[DATA SHOWN Boundary: Start]
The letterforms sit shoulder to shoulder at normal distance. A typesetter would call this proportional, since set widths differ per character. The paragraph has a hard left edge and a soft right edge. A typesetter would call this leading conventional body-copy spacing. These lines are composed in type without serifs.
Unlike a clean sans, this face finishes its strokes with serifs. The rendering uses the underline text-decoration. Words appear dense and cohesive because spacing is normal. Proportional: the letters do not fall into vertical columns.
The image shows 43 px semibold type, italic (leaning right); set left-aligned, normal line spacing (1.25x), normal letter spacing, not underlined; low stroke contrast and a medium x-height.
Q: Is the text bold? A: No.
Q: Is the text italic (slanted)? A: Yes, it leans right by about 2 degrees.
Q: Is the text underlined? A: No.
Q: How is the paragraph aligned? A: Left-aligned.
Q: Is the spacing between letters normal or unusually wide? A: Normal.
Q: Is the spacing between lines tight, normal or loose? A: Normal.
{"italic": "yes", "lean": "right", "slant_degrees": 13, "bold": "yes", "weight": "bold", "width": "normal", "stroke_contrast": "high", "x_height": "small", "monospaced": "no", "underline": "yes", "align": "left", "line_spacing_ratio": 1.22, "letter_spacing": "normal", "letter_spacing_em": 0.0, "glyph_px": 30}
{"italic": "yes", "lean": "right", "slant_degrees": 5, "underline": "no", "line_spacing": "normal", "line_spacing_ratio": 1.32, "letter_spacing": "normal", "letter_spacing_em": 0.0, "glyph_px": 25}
[DATA SHOWN Boundary: End]
[DATA SHOWN Boundary: Start]
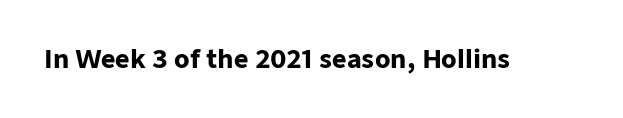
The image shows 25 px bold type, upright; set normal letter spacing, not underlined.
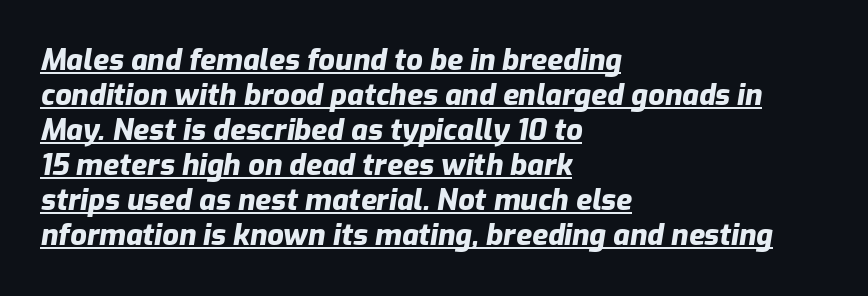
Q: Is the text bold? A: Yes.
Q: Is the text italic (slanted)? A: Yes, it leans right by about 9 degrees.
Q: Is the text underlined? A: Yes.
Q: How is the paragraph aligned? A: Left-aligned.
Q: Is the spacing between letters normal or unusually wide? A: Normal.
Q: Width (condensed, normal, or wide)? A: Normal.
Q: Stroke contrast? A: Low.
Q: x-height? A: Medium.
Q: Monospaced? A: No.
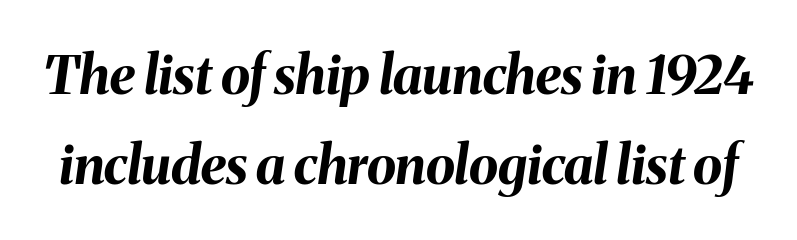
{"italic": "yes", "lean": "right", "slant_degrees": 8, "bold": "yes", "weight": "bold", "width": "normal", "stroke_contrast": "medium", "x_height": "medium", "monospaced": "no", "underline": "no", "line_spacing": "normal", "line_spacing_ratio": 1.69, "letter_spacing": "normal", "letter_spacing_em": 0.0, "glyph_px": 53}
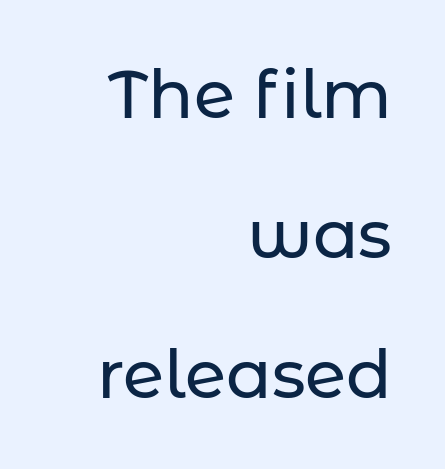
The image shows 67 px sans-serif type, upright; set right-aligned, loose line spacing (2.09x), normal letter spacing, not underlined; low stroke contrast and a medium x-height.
[DATA SHOWN Boundary: End]
Where a line in the entries holds the word "loose", copy that line.

SOLVED PROBLEM
Q: Is the spacing between lines tight, normal or loose? A: Normal.
The image shows 67 px sans-serif type, upright; set right-aligned, loose line spacing (2.09x), normal letter spacing, not underlined; low stroke contrast and a medium x-height.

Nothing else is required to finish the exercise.